In the morning, drain the beans, cover again with fresh water and ¾ t. baking soda, and bring just to a simmer. Skim off foam as beans cook. They’re ready when you can spoon up a few and blow on them and the skins crack. Drain again, and add beans to the bean pot.
½ c. brown sugar
1 sm. onion, chopped
¼ to ⅓ c. molasses
½ lb. bacon, chopped
½ t. black pepper
⅓ t. dry mustard
1 T. salt
Add just enough water to cover the beans. Bake at 300 degrees for at least four hours.
I had an urge for chocolate cake yesterday, and remembered this cake, which some call Depression Cake because if its apparent roots in the 1930s.
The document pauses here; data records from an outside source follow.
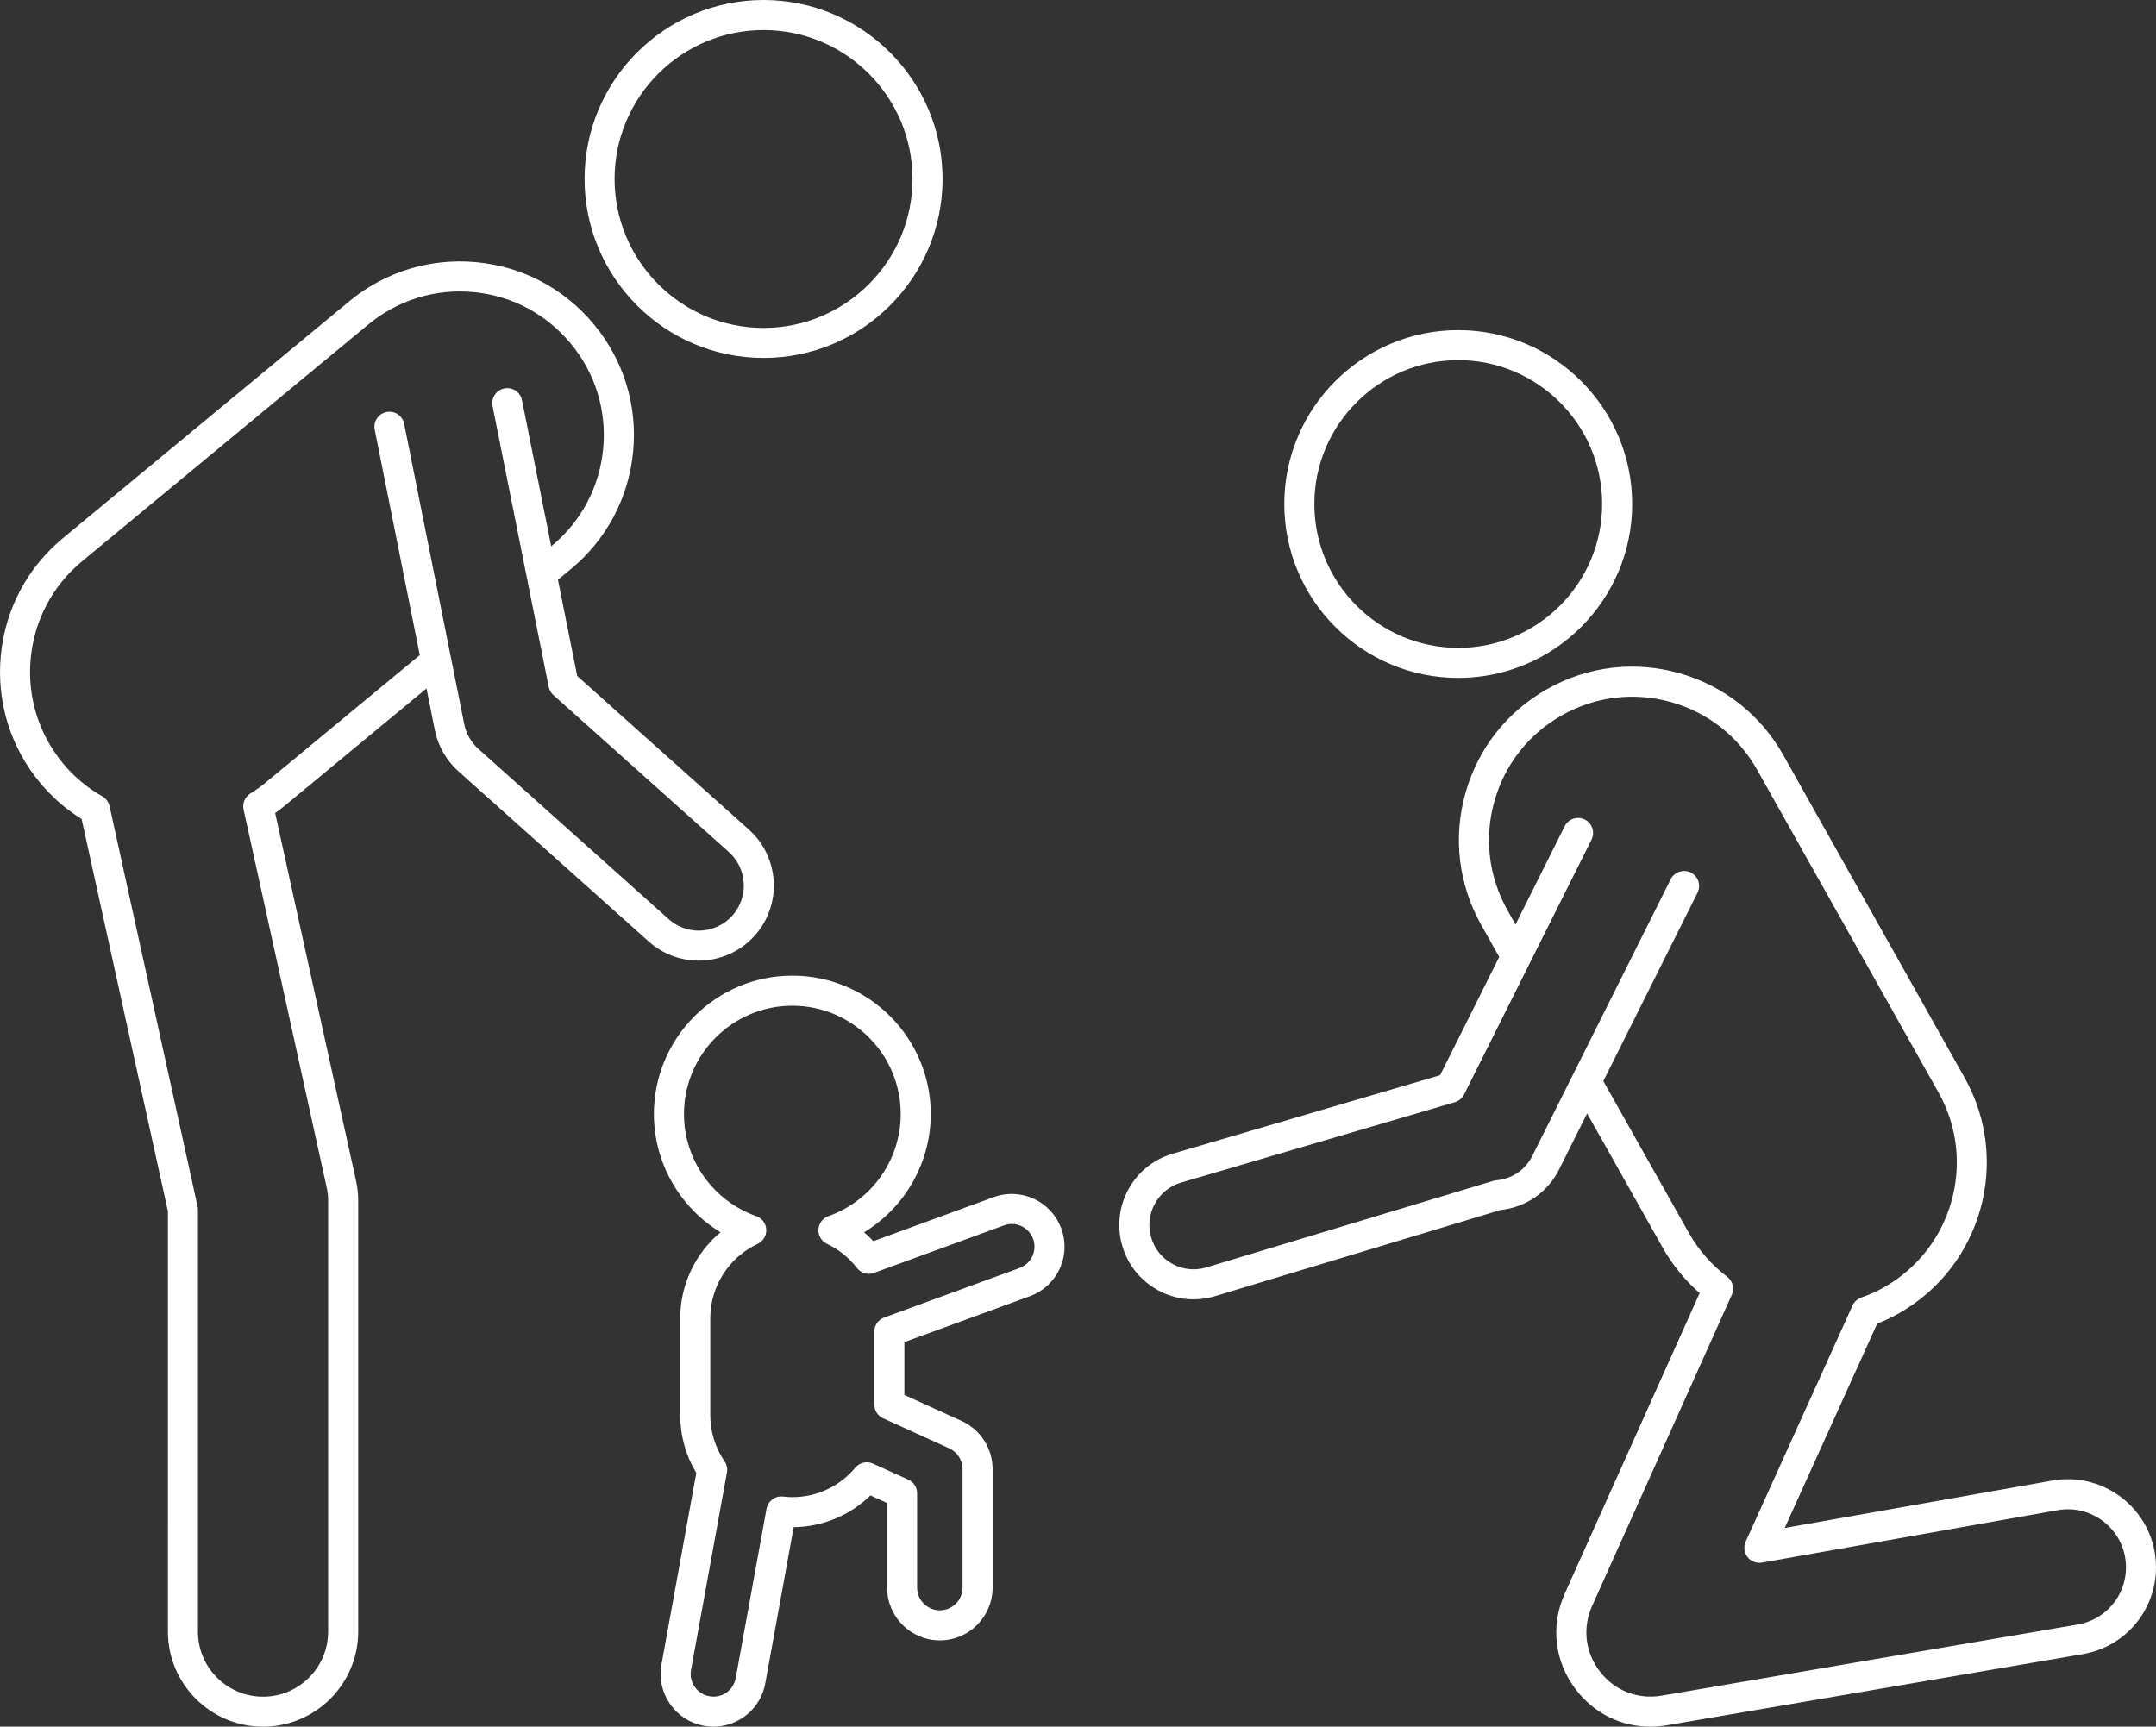 <?xml version="1.0" encoding="utf-8"?>
<!-- Generator: Adobe Illustrator 27.6.1, SVG Export Plug-In . SVG Version: 6.00 Build 0)  -->
<svg version="1.1" id="Layer_1" xmlns="http://www.w3.org/2000/svg" xmlns:xlink="http://www.w3.org/1999/xlink" x="0px" y="0px"
	 width="74.902px" height="60px" viewBox="0 0 74.902 60" enable-background="new 0 0 74.902 60" xml:space="preserve">
<rect x="0" y="0" width="74.902" height="60" fill="#333333" stroke="none"/>
<g>
	<path fill="#FFFFFF" d="M44.618,17.514c0,3.332,2.711,6.043,6.043,6.043s6.043-2.711,6.043-6.043s-2.711-6.043-6.043-6.043
		S44.618,14.182,44.618,17.514z M55.66,17.514c0,2.757-2.243,4.999-4.999,4.999c-2.757,0-4.999-2.243-4.999-4.999
		s2.243-4.999,4.999-4.999C53.418,12.515,55.66,14.757,55.66,17.514z M71.306,51.447l-9.303,1.649l3.213-7.102
		c0.263-0.102,0.511-0.22,0.74-0.349c2.893-1.628,3.923-5.306,2.296-8.197L61.955,26.24c-0.787-1.403-2.074-2.415-3.622-2.85
		c-1.548-0.434-3.174-0.239-4.575,0.55c-1.402,0.787-2.414,2.073-2.848,3.621c-0.435,1.548-0.24,3.174,0.548,4.576l0.626,1.116
		l-2.055,4.11l-9.29,2.728c-0.662,0.194-1.208,0.635-1.538,1.24c-0.33,0.605-0.405,1.303-0.211,1.965
		c0.194,0.662,0.635,1.208,1.24,1.538c0.384,0.21,0.806,0.317,1.233,0.317c0.245,0,0.493-0.035,0.736-0.107l9.929-2.997
		c0.882-0.093,1.641-0.617,2.037-1.41l0.973-1.945l2.622,4.655c0.34,0.603,0.772,1.135,1.288,1.586l-4.689,10.447
		c-0.503,1.125-0.352,2.377,0.405,3.351C55.399,59.548,56.33,60,57.331,60c0.192,0,0.386-0.017,0.581-0.05l14.446-2.471
		c1.474-0.252,2.544-1.52,2.544-3.014c0-0.174-0.015-0.353-0.046-0.536C74.56,52.268,72.97,51.155,71.306,51.447L71.306,51.447z
		 M72.182,56.45l-14.447,2.471c-0.828,0.143-1.631-0.167-2.147-0.831c-0.516-0.664-0.619-1.518-0.277-2.283l4.853-10.812
		c0.099-0.222,0.033-0.483-0.16-0.629c-0.547-0.415-0.996-0.931-1.335-1.531l-2.968-5.269l3.273-6.545
		c0.129-0.258,0.024-0.571-0.233-0.7c-0.258-0.128-0.571-0.024-0.7,0.233l-3.396,6.792c0,0,0,0.001-0.001,0.001l-1.412,2.824
		c-0.241,0.482-0.708,0.797-1.249,0.843c-0.036,0.003-0.072,0.01-0.107,0.02l-9.975,3.01c-0.394,0.116-0.81,0.071-1.17-0.126
		c-0.36-0.197-0.623-0.522-0.738-0.916c-0.116-0.394-0.071-0.81,0.126-1.17c0.197-0.361,0.522-0.623,0.916-0.739l9.508-2.793
		c0.139-0.041,0.255-0.138,0.32-0.267l4.428-8.855c0.129-0.258,0.024-0.571-0.233-0.7c-0.258-0.129-0.571-0.024-0.7,0.233
		l-1.708,3.415l-0.28-0.499c-0.652-1.16-0.813-2.503-0.454-3.783c0.359-1.279,1.195-2.342,2.355-2.993
		c1.159-0.652,2.502-0.813,3.782-0.454c1.28,0.359,2.343,1.196,2.994,2.356l6.298,11.208c1.345,2.39,0.493,5.43-1.9,6.777
		c-0.236,0.134-0.5,0.252-0.783,0.351c-0.135,0.047-0.245,0.148-0.304,0.278l-3.711,8.203c-0.08,0.176-0.055,0.382,0.063,0.535
		c0.119,0.153,0.313,0.227,0.503,0.194l10.277-1.822c1.096-0.194,2.145,0.541,2.339,1.632c0.021,0.121,0.031,0.241,0.031,0.357
		C73.858,55.449,73.153,56.284,72.182,56.45L72.182,56.45z M26.527,0c-3.429,0-6.219,2.79-6.219,6.219s2.79,6.219,6.219,6.219
		c3.429,0,6.219-2.79,6.219-6.219S29.956,0,26.527,0L26.527,0z M26.527,11.395c-2.854,0-5.176-2.322-5.176-5.176
		s2.322-5.175,5.176-5.175c2.854,0,5.175,2.322,5.175,5.175S29.38,11.395,26.527,11.395z M5.833,56.694
		c0,1.823,1.483,3.306,3.306,3.306s3.306-1.483,3.306-3.306V41.732c0-0.247-0.026-0.481-0.078-0.711L9.559,28.253
		c0.114-0.08,0.224-0.164,0.331-0.253l4.927-4.076l0.289,1.444c0.11,0.55,0.401,1.059,0.819,1.433l6.611,5.915
		c0.479,0.429,1.097,0.665,1.739,0.665c0.742,0,1.451-0.317,1.946-0.87c0.959-1.073,0.867-2.726-0.205-3.685l-5.963-5.335
		l-0.669-3.346l0.447-0.37c1.245-1.029,2.013-2.481,2.165-4.089c0.151-1.605-0.332-3.173-1.361-4.412
		c-1.028-1.243-2.478-2.012-4.084-2.163c-1.606-0.151-3.174,0.331-4.418,1.359l-9.941,8.225c-1.244,1.028-2.012,2.478-2.164,4.084
		c-0.152,1.606,0.331,3.175,1.361,4.418c0.41,0.495,0.896,0.919,1.447,1.263l2.998,13.632L5.833,56.694L5.833,56.694z M3.807,28.015
		c-0.032-0.144-0.123-0.268-0.251-0.341c-0.526-0.301-0.985-0.685-1.364-1.143c-0.851-1.028-1.251-2.326-1.125-3.654
		c0.126-1.328,0.761-2.527,1.79-3.378l9.941-8.225c1.029-0.851,2.327-1.249,3.654-1.124c1.328,0.125,2.527,0.761,3.378,1.79
		c0.851,1.026,1.25,2.321,1.125,3.649c-0.125,1.33-0.761,2.531-1.791,3.382l-0.014,0.012l-1.015-5.076
		c-0.056-0.283-0.331-0.466-0.614-0.409c-0.283,0.056-0.466,0.331-0.409,0.614l1.951,9.756c0.022,0.111,0.08,0.211,0.164,0.287
		l6.093,5.451c0.643,0.576,0.698,1.568,0.123,2.211c-0.297,0.332-0.722,0.522-1.168,0.522c-0.385,0-0.756-0.142-1.043-0.399
		l-6.611-5.915c-0.251-0.225-0.426-0.53-0.492-0.86l-0.455-2.273c-0.004-0.026-0.008-0.052-0.016-0.078l-1.617-8.087
		c-0.057-0.283-0.332-0.466-0.614-0.409c-0.283,0.056-0.466,0.331-0.409,0.614l1.566,7.832l-5.361,4.435
		c-0.155,0.129-0.327,0.251-0.526,0.375c-0.188,0.117-0.282,0.339-0.235,0.556l2.885,13.122c0.036,0.156,0.053,0.314,0.053,0.482
		v14.962c0,1.247-1.015,2.262-2.262,2.262c-1.247,0-2.262-1.015-2.262-2.262V42.035c0-0.038-0.004-0.075-0.012-0.112L3.807,28.015z
		 M35.922,41.659c-0.444-0.206-0.942-0.227-1.402-0.059l-4.177,1.528c-0.103-0.108-0.211-0.211-0.325-0.307
		c1.417-0.859,2.317-2.41,2.317-4.109c0-2.652-2.157-4.809-4.809-4.809s-4.809,2.157-4.809,4.809c0,1.697,0.9,3.247,2.314,4.107
		c-0.871,0.73-1.399,1.822-1.399,2.984v3.372c0,0.713,0.192,1.403,0.558,2.008l-1.21,6.655c-0.088,0.482,0.018,0.969,0.296,1.371
		c0.279,0.403,0.698,0.672,1.178,0.76c0.109,0.02,0.22,0.03,0.331,0.03c0.886,0,1.644-0.633,1.802-1.506l0.987-5.426
		c1.003-0.012,1.953-0.408,2.666-1.103l0.578,0.263v2.941c0,1.011,0.822,1.833,1.833,1.833c1.011,0,1.833-0.822,1.833-1.833v-4.121
		c0-0.717-0.422-1.372-1.075-1.669l-1.99-0.905v-1.836l4.359-1.595c0.319-0.116,0.599-0.318,0.809-0.584
		c0.398-0.504,0.504-1.164,0.283-1.767C36.703,42.232,36.366,41.865,35.922,41.659L35.922,41.659z M35.768,43.811
		c-0.09,0.114-0.211,0.201-0.348,0.251l-4.702,1.72c-0.206,0.075-0.343,0.271-0.343,0.49v2.537c0,0.205,0.12,0.391,0.306,0.475
		l2.296,1.044c0.281,0.128,0.463,0.41,0.463,0.719v4.121c0,0.435-0.354,0.789-0.789,0.789c-0.435,0-0.789-0.354-0.789-0.789v-3.277
		c0-0.205-0.12-0.391-0.306-0.475l-1.226-0.557c-0.213-0.097-0.466-0.039-0.616,0.141c-0.544,0.651-1.341,1.024-2.187,1.024
		c-0.11,0-0.217-0.008-0.324-0.02c-0.274-0.033-0.524,0.155-0.573,0.425l-1.069,5.878c-0.077,0.422-0.471,0.717-0.918,0.635
		c-0.207-0.038-0.388-0.154-0.508-0.327c-0.12-0.173-0.165-0.383-0.127-0.59l1.247-6.858c0.025-0.135-0.005-0.274-0.083-0.388
		c-0.324-0.474-0.496-1.029-0.496-1.605v-3.372c0-1.099,0.646-2.111,1.645-2.579c0.192-0.09,0.31-0.287,0.3-0.498
		c-0.01-0.212-0.148-0.396-0.347-0.466c-1.503-0.531-2.512-1.956-2.512-3.547c0-2.076,1.689-3.765,3.765-3.765
		s3.765,1.689,3.765,3.765c0,1.59-1.01,3.016-2.512,3.547c-0.2,0.071-0.337,0.255-0.347,0.466c-0.01,0.212,0.108,0.408,0.3,0.498
		c0.397,0.186,0.757,0.476,1.04,0.84c0.139,0.179,0.378,0.248,0.591,0.169l4.517-1.652c0.198-0.073,0.412-0.064,0.603,0.025
		c0.191,0.089,0.336,0.247,0.409,0.445l0,0C35.986,43.31,35.94,43.594,35.768,43.811L35.768,43.811z"/>
</g>
</svg>

It takes no eggs or dairy to make, and the story goes that it was developed as a means of making a special treat when one didn’t have the ration coupons for eggs or butter.
That said, it’s been made in my family for as long as I can remember. Many of us have special dietary needs or food allergies, especially to dairy or eggs, and this is one of the recipes that can be eaten by nearly everyone. In fact, I remember my Grandmother Fern mixing this recipe up right in a well-seasoned baking pan, which would certainly cut back on the number of dishes that needed washing later.
My mother and sister discovered that if you substitute rice flour for the all-purpose wheat flour, it can be made to be gluten-free, too.
The recipe also can be easily doubled to bake in a 9 by 13 pan. Choose your favorite frosting or just sprinkle on powdered sugar when it’s cool for a pretty topping.
Grandma’s Miracle Chocolate Cake
1 1/2 c. AP flour
1 c. White sugar
3 T. Cocoa
1 t. Baking soda
1 t. Baking Powder
1 c. Water
1 T. Vinegar
2/3 c. Oil
1 t. Vanilla
Whisk wet ingredients into dry ingredients until well-blended. Pour into a greased 8-inch square or round baking pan. Bake at 350 degrees for 25 to 30 minutes, until a clean knife or toothpick inserted in the center comes out clean.
September is my favorite month in which to visit the Farmers Market in Minnesota. Harvest is rolling in and the selection of fresh veggies is wide and varied.
Saturday at the Mankato Farmer’s Market (located next to the Best Buy off Adams Street in Mankato) we found eggplant, yellow summer squash, zucchini, green and yellow beans, kohlrabi, tomatoes, beets, sweet corn, onions, shallots, potatoes in four colors, some late rhubarb, and a ton of fresh greens.
We also found, since we were later than normal, that our favorite bakery booth was down to one table. We snapped up the last two cinnamon rolls and one loaf of rustic Roma bread.
I like to garden, but I don’t have much space, so stopping by the Farmer’s Market is the next best thing. Lunch on Farmer’s Market day always depends on what’s available, and when tomatoes are in season, we often go straight for a classic BLT on the bakery stand’s fresh Ciabatta bread.
But sometimes, we get a little crazier. One of my favorite things to do is make a fresh vegetable “sauce” for angel hair pasta for lunch. My favorite combination of veggies for this is in season right now in Minnesota, and here’s the recipe:
Market Pasta (serves 4)
8 oz Angel hair pasta, cooked and drained. (Reserve one cup of cooking liquid).
1 Japanese eggplant, sliced on the diagonal
1 yellow summer squash, sliced on the diagonal
1 small zucchini, sliced on the diagonal
1 small shallot
1 T each fresh chopped basil and oregano
Olive oil for the pan
Parmesan cheese, salt and pepper to taste
This is basically an Italian stir-fry. In a large skillet, sauté the vegetables in olive oil until fork tender. Season with salt, pepper and stir in the herbs. Let the herbs wilt a bit, then add the cooked and drained pasta. Fold together; add Parmesan to taste and enough cooking liquid to keep it together. Serve hot, with more Parmesan at the table.